Return all the lines below exactly. Any picture among them is omitted.

** Records to process follows **

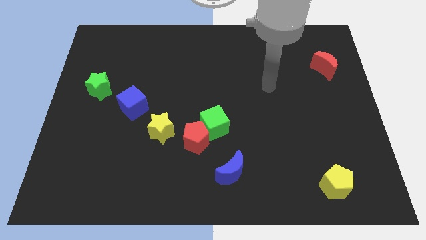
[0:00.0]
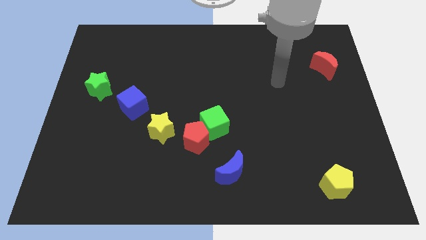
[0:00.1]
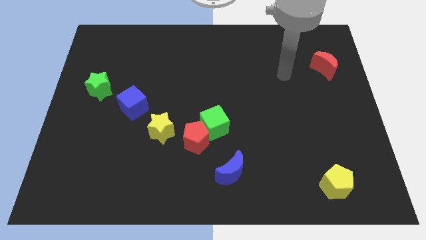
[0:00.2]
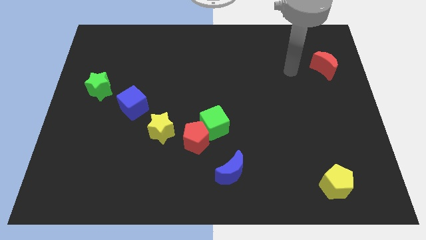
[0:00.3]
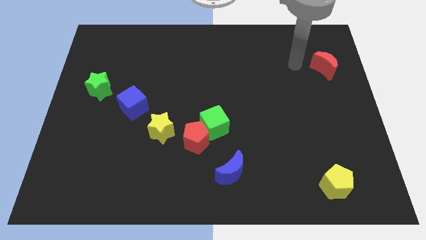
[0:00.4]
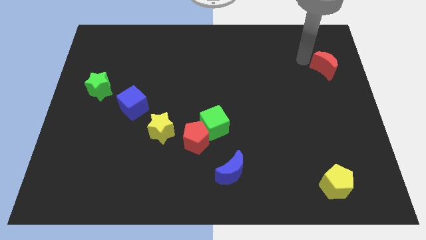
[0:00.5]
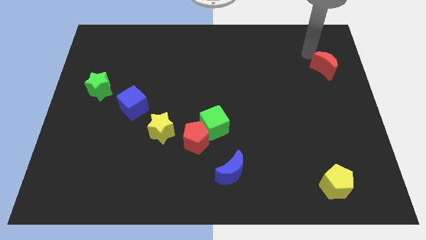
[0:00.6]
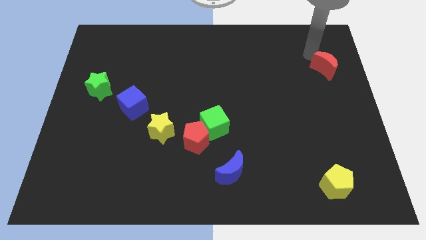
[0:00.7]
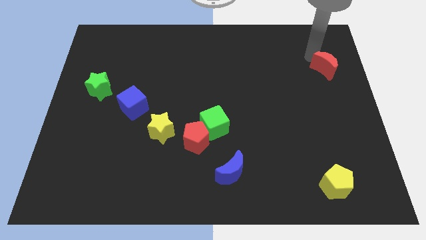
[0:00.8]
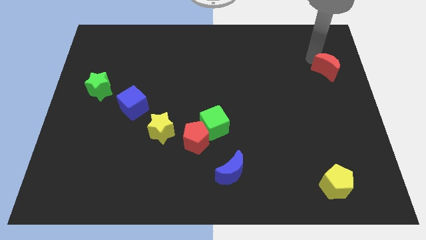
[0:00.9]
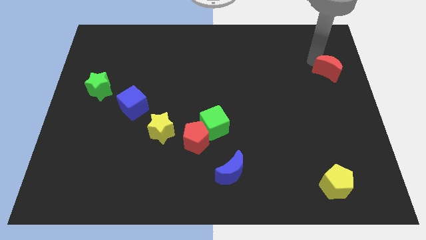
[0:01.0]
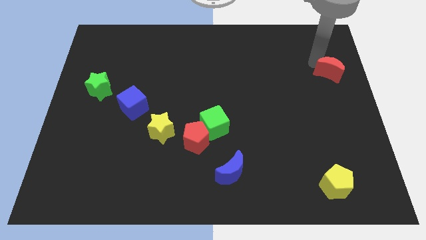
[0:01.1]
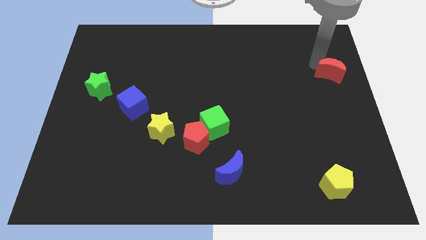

** End of Records to process **

Solved exercise:
[0:00.0]
[0:00.1]
[0:00.2]
[0:00.3]
[0:00.4]
[0:00.5]
[0:00.6]
[0:00.7]
[0:00.8]
[0:00.9]
[0:01.0]
[0:01.1]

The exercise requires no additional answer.